Your objective:
Return each line of the records holding the string "outdoors".

--------------------------------

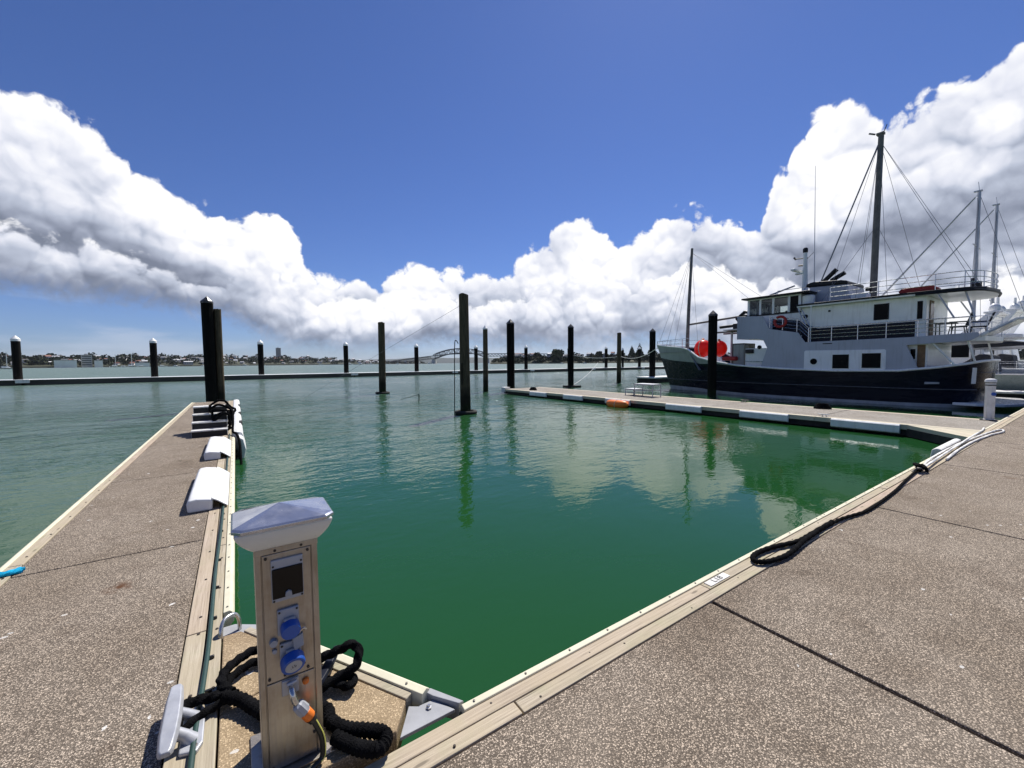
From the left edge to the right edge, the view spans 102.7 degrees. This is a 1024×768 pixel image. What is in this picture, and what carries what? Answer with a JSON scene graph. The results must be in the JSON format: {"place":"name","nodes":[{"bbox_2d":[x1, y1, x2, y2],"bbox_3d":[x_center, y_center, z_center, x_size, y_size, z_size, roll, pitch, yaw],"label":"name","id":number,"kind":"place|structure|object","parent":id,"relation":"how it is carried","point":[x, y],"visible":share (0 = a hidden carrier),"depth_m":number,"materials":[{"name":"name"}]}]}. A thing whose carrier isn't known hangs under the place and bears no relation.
{"place":"outdoors","nodes":[
{"label":"outdoors","id":0,"kind":"place"},
{"bbox_2d":[0,358,395,366],"bbox_3d":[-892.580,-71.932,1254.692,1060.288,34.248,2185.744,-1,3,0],"label":"shore","id":1,"kind":"structure","parent":0,"point":[121,364],"depth_m":1120.54,"materials":[{"name":"green plant"}]},
{"bbox_2d":[53,359,76,367],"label":"waterfront shed","id":2,"kind":"structure","parent":1,"relation":"on","point":[64,363],"depth_m":714.93,"materials":[{"name":"concrete"}]},
{"bbox_2d":[81,354,92,366],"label":"tower block","id":3,"kind":"structure","parent":1,"relation":"on","point":[86,360],"depth_m":745.75,"materials":[{"name":"concrete"}]},
{"bbox_2d":[94,359,102,366],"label":"waterfront building","id":4,"kind":"structure","parent":1,"relation":"on","point":[98,363],"depth_m":754.02,"materials":[{"name":"concrete"}]},
{"bbox_2d":[135,362,149,366],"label":"boat shed","id":5,"kind":"object","parent":1,"relation":"on","point":[143,363],"visible":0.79,"depth_m":833.73,"materials":[{"name":"concrete"}]},
{"bbox_2d":[183,361,192,364],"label":"hillside house","id":6,"kind":"structure","parent":1,"relation":"on","point":[187,362],"depth_m":962.22,"materials":[{"name":"white"}]},
{"bbox_2d":[0,352,424,365],"bbox_3d":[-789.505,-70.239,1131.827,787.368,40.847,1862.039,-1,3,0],"label":"woodland","id":7,"kind":"object","parent":1,"relation":"on","point":[38,360],"visible":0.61,"depth_m":969.70,"materials":[{"name":"green plant"}]},
{"bbox_2d":[276,347,280,357],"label":"apartment tower","id":8,"kind":"structure","parent":1,"relation":"on","point":[278,351],"depth_m":1398.26,"materials":[{"name":"concrete"}]},
{"bbox_2d":[0,363,426,367],"bbox_3d":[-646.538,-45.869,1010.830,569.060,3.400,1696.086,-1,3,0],"label":"sea wall","id":9,"kind":"structure","parent":0,"point":[200,365],"depth_m":1076.98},
{"bbox_2d":[63,356,496,362],"bbox_3d":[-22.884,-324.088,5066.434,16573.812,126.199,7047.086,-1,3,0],"label":"hills","id":10,"kind":"structure","parent":0,"point":[446,360],"depth_m":6532.84,"materials":[{"name":"green plant"}]},
{"bbox_2d":[0,363,1023,746],"bbox_3d":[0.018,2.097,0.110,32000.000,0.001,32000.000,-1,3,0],"label":"water","id":11,"kind":"structure","parent":0,"point":[498,537],"depth_m":7.17,"materials":[{"name":"green liquid"}]},
{"bbox_2d":[0,353,11,368],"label":"moored boat","id":12,"kind":"object","parent":11,"relation":"on","point":[4,367],"visible":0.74,"depth_m":402.46,"materials":[{"name":"white"}]},
{"bbox_2d":[10,335,22,379],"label":"capped pile","id":13,"kind":"object","parent":11,"relation":"in","point":[16,356],"visible":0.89,"depth_m":46.89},
{"bbox_2d":[0,399,245,767],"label":"finger pontoon","id":14,"kind":"object","parent":11,"relation":"on","point":[105,598],"visible":0.76,"depth_m":2.64,"materials":[{"name":"concrete"}]},
{"bbox_2d":[0,567,24,576],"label":"rope scrap","id":15,"kind":"object","parent":14,"relation":"on","point":[18,570],"visible":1,"depth_m":3.15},
{"bbox_2d":[156,684,204,759],"bbox_3d":[-1.419,1.464,1.766,0.145,0.120,0.410,-3,4,-34],"label":"mooring cleat","id":16,"kind":"object","parent":14,"relation":"on","point":[172,732],"visible":0.94,"depth_m":1.72,"materials":[{"name":"metal"}]},
{"bbox_2d":[180,639,392,759],"bbox_3d":[-0.991,1.420,1.938,1.019,0.172,0.586,0,3,3],"label":"mooring rope","id":17,"kind":"object","parent":16,"relation":"attached to","point":[346,736],"visible":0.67,"depth_m":1.87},
{"bbox_2d":[186,467,229,512],"bbox_3d":[-3.823,1.280,5.206,0.368,0.160,1.700,-3,4,-34],"label":"dock bumper","id":18,"kind":"object","parent":14,"relation":"on","point":[210,485],"visible":1,"depth_m":4.88,"materials":[{"name":"white plastic"}]},
{"bbox_2d":[187,433,229,767],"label":"cable run","id":19,"kind":"object","parent":14,"relation":"attached to","point":[192,749],"visible":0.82,"depth_m":2.34,"materials":[{"name":"black plastic"}]},
{"bbox_2d":[191,404,227,437],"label":"boarding steps","id":20,"kind":"structure","parent":14,"relation":"on","point":[200,414],"depth_m":9.44,"materials":[{"name":"white plastic"}]},
{"bbox_2d":[209,399,242,464],"bbox_3d":[-6.387,1.137,9.236,0.558,1.505,2.231,-3,4,-41],"label":"mooring rope","id":21,"kind":"object","parent":20,"relation":"on","point":[230,412],"visible":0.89,"depth_m":9.61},
{"bbox_2d":[204,436,230,459],"bbox_3d":[-5.502,1.165,7.690,0.368,0.160,1.800,-3,4,-34],"label":"dock bumper","id":22,"kind":"object","parent":14,"relation":"on","point":[216,447],"visible":1,"depth_m":7.30,"materials":[{"name":"white plastic"}]},
{"bbox_2d":[217,624,462,767],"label":"corner fillet","id":23,"kind":"object","parent":14,"relation":"attached to","point":[402,708],"visible":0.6,"depth_m":1.93,"materials":[{"name":"concrete"}]},
{"bbox_2d":[230,497,334,767],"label":"power pedestal","id":24,"kind":"object","parent":23,"relation":"on","point":[279,540],"visible":0.98,"depth_m":1.60,"materials":[{"name":"beige metal"}]},
{"bbox_2d":[293,699,325,767],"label":"garden hose","id":25,"kind":"object","parent":24,"relation":"attached to","point":[304,711],"visible":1,"depth_m":1.61,"materials":[{"name":"grey plastic"}]},
{"bbox_2d":[321,645,337,684],"bbox_3d":[-0.965,1.463,2.062,0.109,0.090,0.308,-1,3,-3],"label":"mooring cleat","id":26,"kind":"object","parent":23,"relation":"on","point":[327,666],"visible":0.23,"depth_m":2.06,"materials":[{"name":"grey metal"}]},
{"bbox_2d":[149,338,158,376],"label":"capped pile","id":27,"kind":"object","parent":11,"relation":"in","point":[153,356],"visible":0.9,"depth_m":53.56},
{"bbox_2d":[200,296,217,401],"bbox_3d":[-14.079,-0.668,19.119,0.518,6.780,0.475,1,3,19],"label":"pointed pile","id":28,"kind":"object","parent":11,"relation":"in","point":[208,338],"visible":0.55,"depth_m":18.92,"materials":[{"name":"black wood"}]},
{"bbox_2d":[214,309,224,399],"bbox_3d":[-13.811,-0.412,19.378,0.329,6.238,0.361,-3,4,-34],"label":"timber pile","id":29,"kind":"object","parent":11,"relation":"in","point":[219,352],"visible":0.66,"depth_m":19.25,"materials":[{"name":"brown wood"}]},
{"bbox_2d":[257,340,263,374],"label":"capped pile","id":30,"kind":"object","parent":11,"relation":"in","point":[260,358],"visible":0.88,"depth_m":60.23,"materials":[{"name":"black wood"}]},
{"bbox_2d":[0,366,664,385],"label":"breakwater pontoon","id":31,"kind":"object","parent":11,"relation":"on","point":[12,382],"visible":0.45,"depth_m":59.14,"materials":[{"name":"grey concrete"}]},
{"bbox_2d":[343,342,348,372],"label":"capped pile","id":32,"kind":"object","parent":11,"relation":"in","point":[345,355],"visible":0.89,"depth_m":66.87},
{"bbox_2d":[375,322,389,393],"bbox_3d":[-9.107,-1.071,28.704,0.988,6.497,0.987,-3,4,-34],"label":"timber pile","id":33,"kind":"object","parent":11,"relation":"in","point":[382,360],"visible":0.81,"depth_m":28.50,"materials":[{"name":"brown wood"}]},
{"bbox_2d":[414,344,418,371],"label":"capped pile","id":34,"kind":"object","parent":11,"relation":"in","point":[416,359],"visible":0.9,"depth_m":73.60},
{"bbox_2d":[454,293,476,414],"bbox_3d":[-1.935,-0.491,16.970,0.948,6.440,0.947,-3,4,-34],"label":"timber pile","id":35,"kind":"object","parent":11,"relation":"in","point":[465,403],"visible":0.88,"depth_m":16.78,"materials":[{"name":"black wood"}]},
{"bbox_2d":[303,306,458,398],"bbox_3d":[-7.059,-1.228,20.326,12.285,4.461,0.011,1,4,33],"label":"wire stay","id":36,"kind":"object","parent":35,"relation":"attached to","point":[384,350],"visible":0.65,"depth_m":19.47,"materials":[{"name":"grey metal"}]},
{"bbox_2d":[390,348,546,363],"bbox_3d":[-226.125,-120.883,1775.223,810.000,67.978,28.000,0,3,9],"label":"harbour bridge","id":37,"kind":"structure","parent":11,"relation":"on","point":[434,361],"depth_m":1775.88,"materials":[{"name":"metal"}]},
{"bbox_2d":[474,345,477,369],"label":"capped pile","id":38,"kind":"object","parent":11,"relation":"in","point":[475,357],"visible":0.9,"depth_m":80.46,"materials":[{"name":"black wood"}]},
{"bbox_2d":[483,325,487,391],"bbox_3d":[-1.926,-1.088,29.723,0.386,6.300,0.391,-3,4,-34],"label":"timber pile","id":39,"kind":"object","parent":11,"relation":"in","point":[485,358],"visible":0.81,"depth_m":29.55,"materials":[{"name":"brown wood"}]},
{"bbox_2d":[506,319,514,388],"bbox_3d":[-0.091,-1.347,29.952,0.553,6.760,0.553,1,3,22],"label":"pointed pile","id":40,"kind":"object","parent":11,"relation":"in","point":[510,358],"visible":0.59,"depth_m":29.70,"materials":[{"name":"black wood"}]},
{"bbox_2d":[524,345,527,368],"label":"capped pile","id":41,"kind":"object","parent":11,"relation":"in","point":[525,357],"visible":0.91,"depth_m":87.26,"materials":[{"name":"black wood"}]},
{"bbox_2d":[563,324,580,387],"bbox_3d":[5.008,-1.615,34.231,1.150,6.760,1.000,-3,4,-34],"label":"pointed pile","id":42,"kind":"object","parent":11,"relation":"in","point":[570,356],"visible":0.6,"depth_m":33.92,"materials":[{"name":"black wood"}]},
{"bbox_2d":[605,346,607,367],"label":"capped pile","id":43,"kind":"object","parent":11,"relation":"in","point":[606,357],"visible":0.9,"depth_m":100.87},
{"bbox_2d":[606,399,627,407],"bbox_3d":[4.932,0.957,19.080,0.588,0.481,1.280,-3,4,-34],"label":"orange float","id":44,"kind":"object","parent":11,"relation":"on","point":[620,403],"visible":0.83,"depth_m":18.81,"materials":[{"name":"plastic"}]},
{"bbox_2d":[617,332,620,382],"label":"timber pile","id":45,"kind":"object","parent":11,"relation":"in","point":[619,357],"visible":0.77,"depth_m":40.54,"materials":[{"name":"brown wood"}]},
{"bbox_2d":[563,348,656,358],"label":"mooring line","id":46,"kind":"object","parent":45,"relation":"attached to","point":[612,357],"visible":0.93,"depth_m":40.39,"materials":[{"name":"white fabric"}]},
{"bbox_2d":[622,348,623,366],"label":"capped pile","id":47,"kind":"object","parent":11,"relation":"in","point":[622,357],"visible":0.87,"depth_m":104.31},
{"bbox_2d":[638,347,640,366],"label":"capped pile","id":48,"kind":"object","parent":11,"relation":"in","point":[639,356],"visible":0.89,"depth_m":107.89,"materials":[{"name":"black wood"}]},
{"bbox_2d":[649,328,655,376],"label":"pointed pile","id":49,"kind":"object","parent":11,"relation":"in","point":[652,345],"visible":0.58,"depth_m":41.16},
{"bbox_2d":[636,376,668,382],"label":"finger pontoon","id":50,"kind":"object","parent":11,"relation":"on","point":[655,379],"visible":0.47,"depth_m":40.44,"materials":[{"name":"plastic"}]},
{"bbox_2d":[364,408,1023,767],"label":"walkway","id":51,"kind":"structure","parent":11,"relation":"on","point":[888,632],"depth_m":2.17,"materials":[{"name":"concrete"}]},
{"bbox_2d":[750,462,928,564],"bbox_3d":[3.903,1.267,4.522,4.811,0.127,0.216,-3,4,-34],"label":"mooring rope","id":52,"kind":"object","parent":51,"relation":"on","point":[802,540],"visible":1,"depth_m":3.57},
{"bbox_2d":[922,427,1004,469],"bbox_3d":[8.309,1.100,7.483,5.952,0.074,0.347,-3,4,-34],"label":"mooring rope","id":53,"kind":"object","parent":51,"relation":"on","point":[927,463],"visible":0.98,"depth_m":7.32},
{"bbox_2d":[707,310,717,395],"bbox_3d":[12.083,-1.109,24.723,0.514,6.620,0.514,1,3,25],"label":"pointed pile","id":54,"kind":"object","parent":11,"relation":"in","point":[712,351],"visible":0.67,"depth_m":24.50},
{"bbox_2d":[501,387,999,443],"bbox_3d":[6.048,0.964,19.407,4.570,0.740,21.892,-3,4,-34],"label":"finger pontoon","id":55,"kind":"object","parent":11,"relation":"on","point":[938,429],"visible":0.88,"depth_m":13.78,"materials":[{"name":"concrete"}]},
{"bbox_2d":[625,383,660,396],"bbox_3d":[6.760,0.292,21.191,0.700,0.637,1.750,-3,4,-34],"label":"metal step frame","id":56,"kind":"object","parent":55,"relation":"on","point":[634,389],"visible":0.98,"depth_m":21.18,"materials":[{"name":"metal"}]},
{"bbox_2d":[979,379,997,420],"bbox_3d":[13.781,0.442,11.810,0.380,1.198,0.320,-3,4,-34],"label":"power pedestal","id":57,"kind":"object","parent":55,"relation":"on","point":[989,399],"visible":1,"depth_m":11.75,"materials":[{"name":"white plastic"}]},
{"bbox_2d":[656,124,1023,407],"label":"motor vessel","id":58,"kind":"object","parent":11,"relation":"on","point":[834,338],"visible":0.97,"depth_m":20.55,"materials":[{"name":"blue paint"}]},
{"bbox_2d":[694,338,707,356],"bbox_3d":[13.029,-2.460,27.957,1.160,1.312,1.093,-3,4,-34],"label":"round buoy","id":59,"kind":"object","parent":58,"relation":"on","point":[700,348],"visible":0.84,"depth_m":27.61,"materials":[{"name":"red plastic"}]},
{"bbox_2d":[717,339,727,356],"bbox_3d":[13.632,-2.360,26.980,1.060,1.195,0.994,-3,4,-34],"label":"round buoy","id":60,"kind":"object","parent":58,"relation":"on","point":[722,348],"visible":0.79,"depth_m":26.59,"materials":[{"name":"red plastic"}]},
{"bbox_2d":[773,315,786,327],"bbox_3d":[14.780,-3.433,22.574,0.142,0.697,0.696,-3,4,-34],"label":"life ring","id":61,"kind":"object","parent":58,"relation":"hanging from","point":[776,318],"visible":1,"depth_m":22.53,"materials":[{"name":"red plastic"}]},
{"bbox_2d":[899,285,940,293],"bbox_3d":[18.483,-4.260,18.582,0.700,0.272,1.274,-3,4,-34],"label":"kayak","id":62,"kind":"object","parent":58,"relation":"on","point":[918,289],"visible":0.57,"depth_m":18.35,"materials":[{"name":"red plastic"}]},
{"bbox_2d":[935,322,957,334],"bbox_3d":[19.433,-2.400,18.368,0.900,0.665,0.650,-3,4,-34],"label":"deck table","id":63,"kind":"object","parent":58,"relation":"on","point":[939,324],"visible":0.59,"depth_m":18.34,"materials":[{"name":"white metal"}]},
{"bbox_2d":[948,312,972,333],"bbox_3d":[19.282,-2.530,17.598,0.550,1.023,0.729,-3,4,-34],"label":"deck chair","id":64,"kind":"object","parent":58,"relation":"on","point":[967,321],"visible":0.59,"depth_m":17.47,"materials":[{"name":"fabric"}]},
{"bbox_2d":[970,312,995,332],"bbox_3d":[20.153,-2.537,17.584,0.729,1.023,0.550,2,4,44],"label":"deck chair","id":65,"kind":"object","parent":58,"relation":"on","point":[989,321],"visible":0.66,"depth_m":17.48,"materials":[{"name":"fabric"}]},
{"bbox_2d":[881,182,1023,390],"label":"sailing yacht","id":66,"kind":"object","parent":11,"relation":"on","point":[1010,381],"visible":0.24,"depth_m":22.13,"materials":[{"name":"metal"}]},
{"bbox_2d":[921,197,1023,367],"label":"sailing yacht","id":67,"kind":"object","parent":11,"relation":"on","point":[1009,361],"visible":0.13,"depth_m":26.65,"materials":[{"name":"metal"}]},
{"bbox_2d":[951,297,1023,373],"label":"motor yacht","id":68,"kind":"object","parent":11,"relation":"on","point":[959,353],"visible":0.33,"depth_m":24.08,"materials":[{"name":"silver metal"}]},
{"bbox_2d":[992,298,1023,367],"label":"motor yacht","id":69,"kind":"object","parent":11,"relation":"on","point":[1014,310],"visible":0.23,"depth_m":28.97,"materials":[{"name":"silver metal"}]},
{"bbox_2d":[996,390,1023,398],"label":"finger pontoon","id":70,"kind":"object","parent":11,"relation":"on","point":[1011,393],"depth_m":19.62,"materials":[{"name":"white plastic"}]},
{"bbox_2d":[1006,296,1023,362],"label":"motor yacht","id":71,"kind":"object","parent":11,"relation":"on","point":[1012,330],"visible":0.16,"depth_m":32.83,"materials":[{"name":"silver metal"}]},
{"bbox_2d":[0,0,1023,359],"label":"sky","id":72,"kind":"structure","parent":0,"point":[322,173],"materials":[{"name":"blue"}]},
{"bbox_2d":[490,356,1023,363],"bbox_3d":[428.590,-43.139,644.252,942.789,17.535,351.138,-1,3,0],"label":"headland","id":73,"kind":"structure","parent":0,"point":[565,362],"depth_m":633.40,"materials":[{"name":"green plant"}]},
{"bbox_2d":[550,349,563,357],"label":"broadleaf tree","id":74,"kind":"object","parent":73,"relation":"on","point":[558,353],"visible":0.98,"depth_m":627.55,"materials":[{"name":"green plant"}]},
{"bbox_2d":[596,351,602,356],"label":"broadleaf tree","id":75,"kind":"object","parent":73,"relation":"on","point":[599,353],"visible":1,"depth_m":629.56,"materials":[{"name":"green plant"}]},
{"bbox_2d":[628,347,635,357],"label":"pine tree","id":76,"kind":"object","parent":73,"relation":"on","point":[632,353],"visible":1,"depth_m":629.61,"materials":[{"name":"green plant"}]},
{"bbox_2d":[635,343,643,355],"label":"pine tree","id":77,"kind":"object","parent":73,"relation":"on","point":[636,353],"visible":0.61,"depth_m":626.88,"materials":[{"name":"green plant"}]},
{"bbox_2d":[491,349,1023,362],"bbox_3d":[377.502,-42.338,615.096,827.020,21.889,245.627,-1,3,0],"label":"headland bush","id":78,"kind":"object","parent":73,"relation":"on","point":[592,358],"visible":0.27,"depth_m":645.34,"materials":[{"name":"green plant"}]},
{"bbox_2d":[813,403,831,408],"bbox_3d":[11.326,0.804,14.939,0.495,0.189,0.556,-3,4,-34],"label":"rope heap","id":79,"kind":"object","parent":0,"point":[822,406],"visible":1,"depth_m":14.80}
]}

--------------------------------

Solution to this problem:
{"place":"outdoors","nodes":[
{"label":"outdoors","id":0,"kind":"place"},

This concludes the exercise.